Required action: At the line containing "Gel camera. Picture 1 shows no contact. Force", begin setting down the entries exactly, and stop only after the last line.

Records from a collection
····················
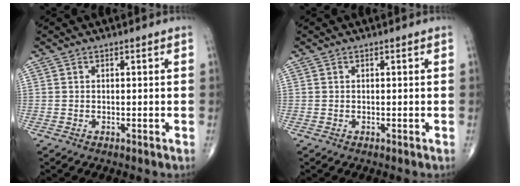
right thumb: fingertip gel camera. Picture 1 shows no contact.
{"total": 0.0}
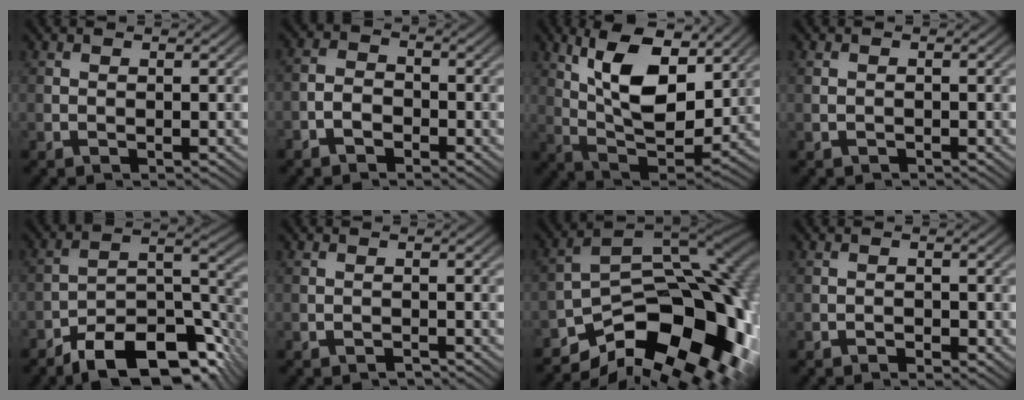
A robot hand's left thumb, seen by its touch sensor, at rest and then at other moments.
{"total": 2.8, "force": [-1.8, 1.7, 1.3], "torque": [-0.025, 0.004, -0.044]}
{"total": 13.3, "force": [5.6, 6.2, 10.4], "torque": [-0.198, -0.004, 0.105]}
{"total": 0.8, "force": [-0.4, 0.7, 0.2], "torque": [-0.001, -0.003, -0.011]}
{"total": 15.0, "force": [-10.7, 5.7, 8.9], "torque": [-0.149, -0.008, -0.176]}
{"total": 0.8, "force": [-0.7, 0.1, 0.2], "torque": [-0.001, 0.002, -0.015]}
{"total": 17.3, "force": [-8.9, 8.9, 11.8], "torque": [-0.155, -0.022, -0.143]}
{"total": 1.3, "force": [-0.8, 0.6, 0.8], "torque": [-0.011, 0.000, -0.015]}
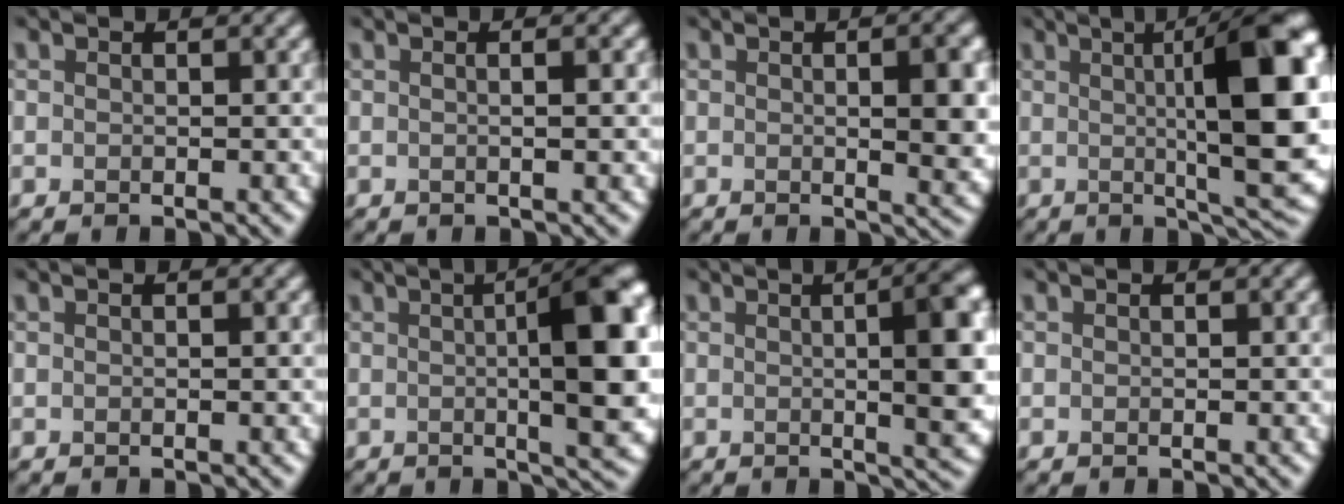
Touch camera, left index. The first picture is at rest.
{"total": 2.6, "force": [0.4, 1.0, 2.3], "torque": [-0.013, 0.003, -0.015]}
{"total": 5.5, "force": [0.3, 1.4, 5.3], "torque": [-0.065, 0.000, 0.009]}
{"total": 14.3, "force": [1.5, 3.6, 13.8], "torque": [-0.158, 0.011, 0.023]}
{"total": 0.0}
{"total": 11.5, "force": [0.9, 3.3, 11.0], "torque": [-0.111, 0.012, 0.011]}
{"total": 9.3, "force": [0.7, 2.9, 8.8], "torque": [-0.074, 0.016, 0.004]}
{"total": 0.0}
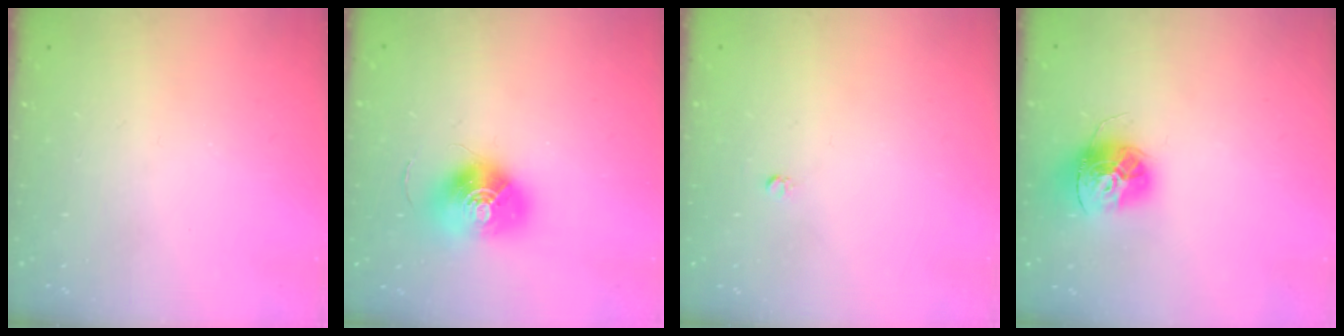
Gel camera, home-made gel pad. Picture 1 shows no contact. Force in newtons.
{"total": 13.5, "press": 13.5, "slide": 0.6}
{"total": 2.5, "press": 2.5, "slide": 0.2}
{"total": 13.7, "press": 13.7, "slide": 1.2}
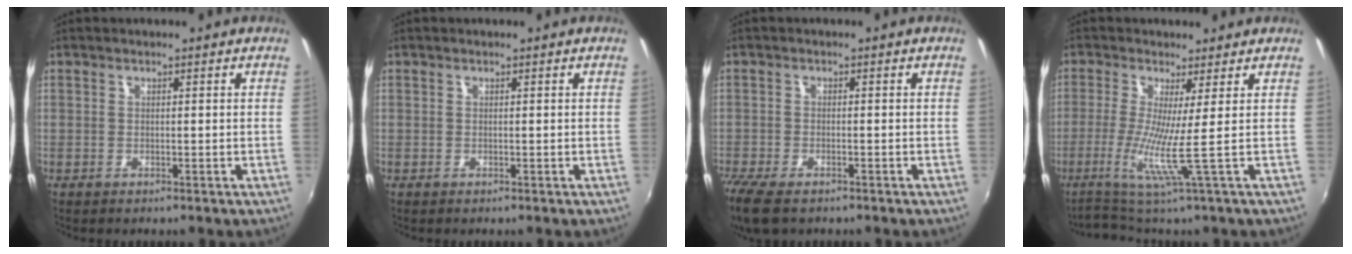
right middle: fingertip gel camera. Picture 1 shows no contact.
{"total": 0.0}
{"total": 8.0, "force": [-5.9, 2.6, 4.6], "torque": [-0.117, -0.037, -0.113]}
{"total": 6.3, "force": [-1.4, -1.5, 6.0], "torque": [-0.139, -0.021, -0.032]}
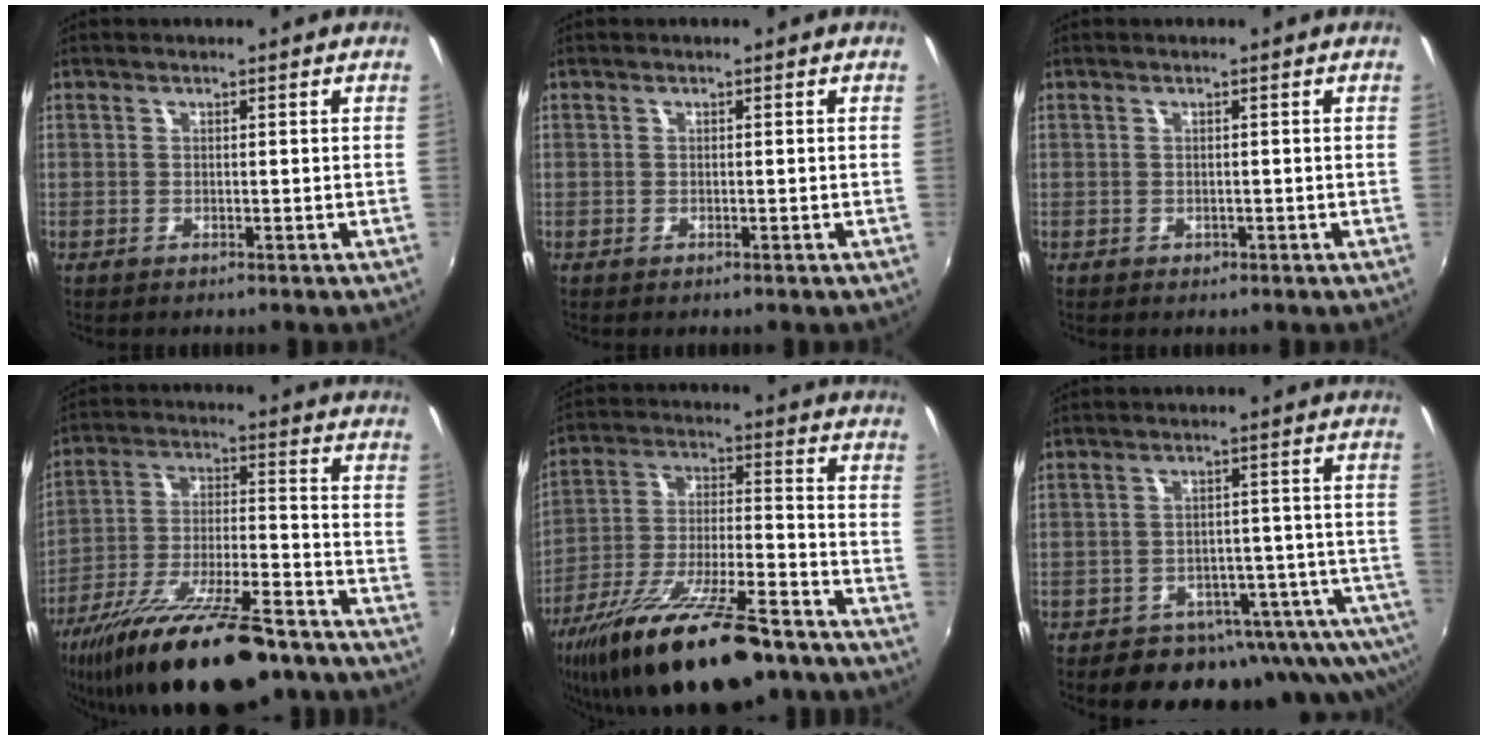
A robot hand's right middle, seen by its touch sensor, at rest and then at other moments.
{"total": 0.0}
{"total": 0.7, "force": [-0.3, 0.6, 0.1], "torque": [0.000, -0.003, -0.003]}
{"total": 25.0, "force": [-18.4, 7.0, 15.5], "torque": [-0.281, -0.049, -0.287]}
{"total": 24.5, "force": [-17.3, 6.7, 16.1], "torque": [-0.297, -0.051, -0.278]}
{"total": 18.9, "force": [-15.2, 8.4, 7.6], "torque": [-0.100, 0.005, -0.181]}
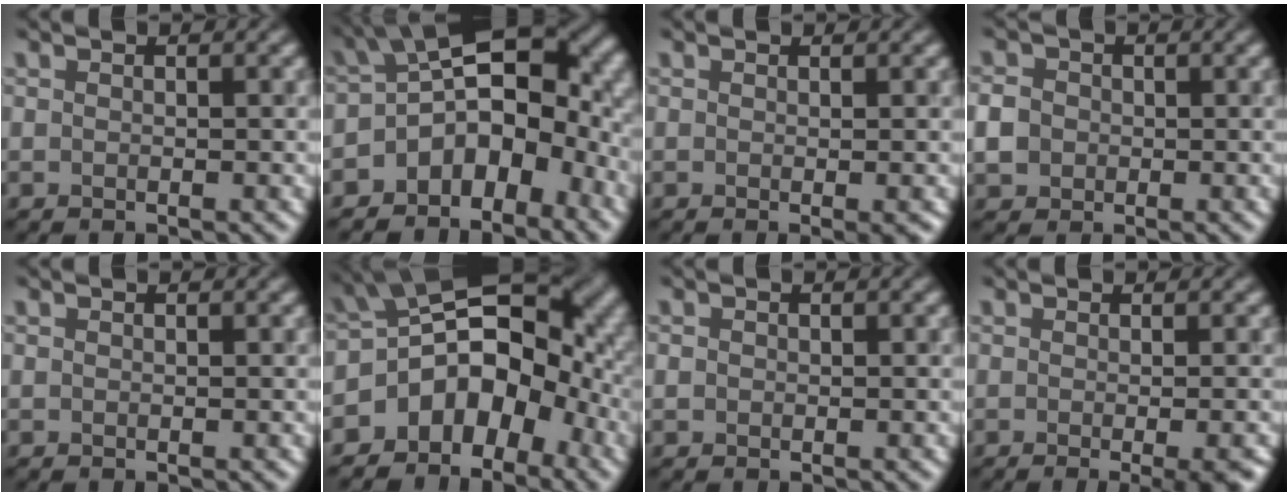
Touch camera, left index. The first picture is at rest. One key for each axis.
{"total": 10.8, "fx": -3.3, "fy": 6.6, "fz": 7.9, "tx": -0.101, "ty": 0.007, "tz": -0.064}
{"total": 1.4, "fx": -0.6, "fy": 0.2, "fz": 1.3, "tx": -0.014, "ty": -0.005, "tz": -0.005}
{"total": 2.8, "fx": -0.4, "fy": 2.6, "fz": 1.1, "tx": -0.017, "ty": 0.002, "tz": -0.012}
{"total": 0.0}
{"total": 10.6, "fx": -3.8, "fy": 6.9, "fz": 7.1, "tx": -0.089, "ty": 0.010, "tz": -0.081}
{"total": 0.7, "fx": -0.1, "fy": 0.6, "fz": 0.2, "tx": -0.001, "ty": -0.003, "tz": -0.003}
{"total": 5.3, "fx": -2.1, "fy": 1.9, "fz": 4.5, "tx": -0.029, "ty": 0.000, "tz": -0.019}
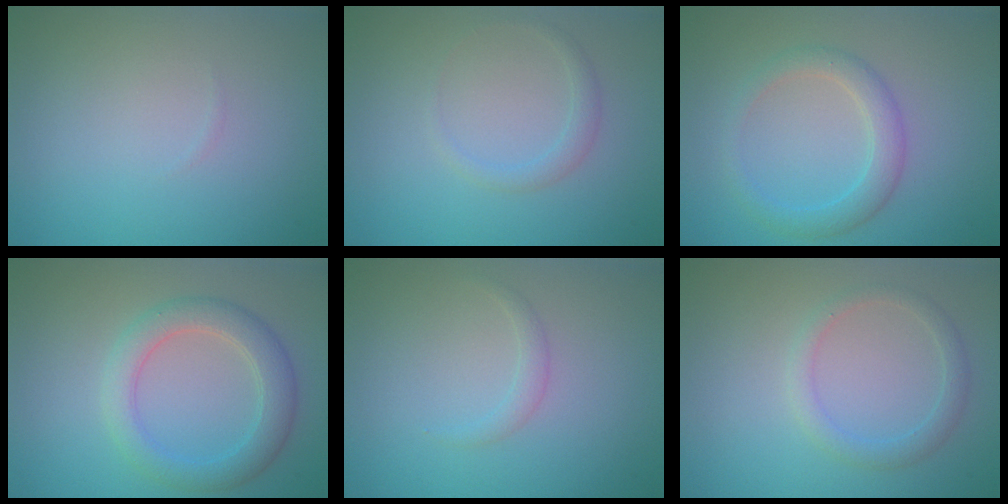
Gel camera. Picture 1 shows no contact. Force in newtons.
{"total": 1.2, "press": 1.2, "slide": 0.0}
{"total": 2.8, "press": 2.8, "slide": 0.3}
{"total": 3.8, "press": 3.8, "slide": 0.0}
{"total": 1.0, "press": 1.0, "slide": 0.2}
{"total": 1.9, "press": 1.9, "slide": 0.1}
····················
Response box:
Gel camera. Picture 1 shows no contact. Force in newtons.
{"total": 1.2, "press": 1.2, "slide": 0.0}
{"total": 2.8, "press": 2.8, "slide": 0.3}
{"total": 3.8, "press": 3.8, "slide": 0.0}
{"total": 1.0, "press": 1.0, "slide": 0.2}
{"total": 1.9, "press": 1.9, "slide": 0.1}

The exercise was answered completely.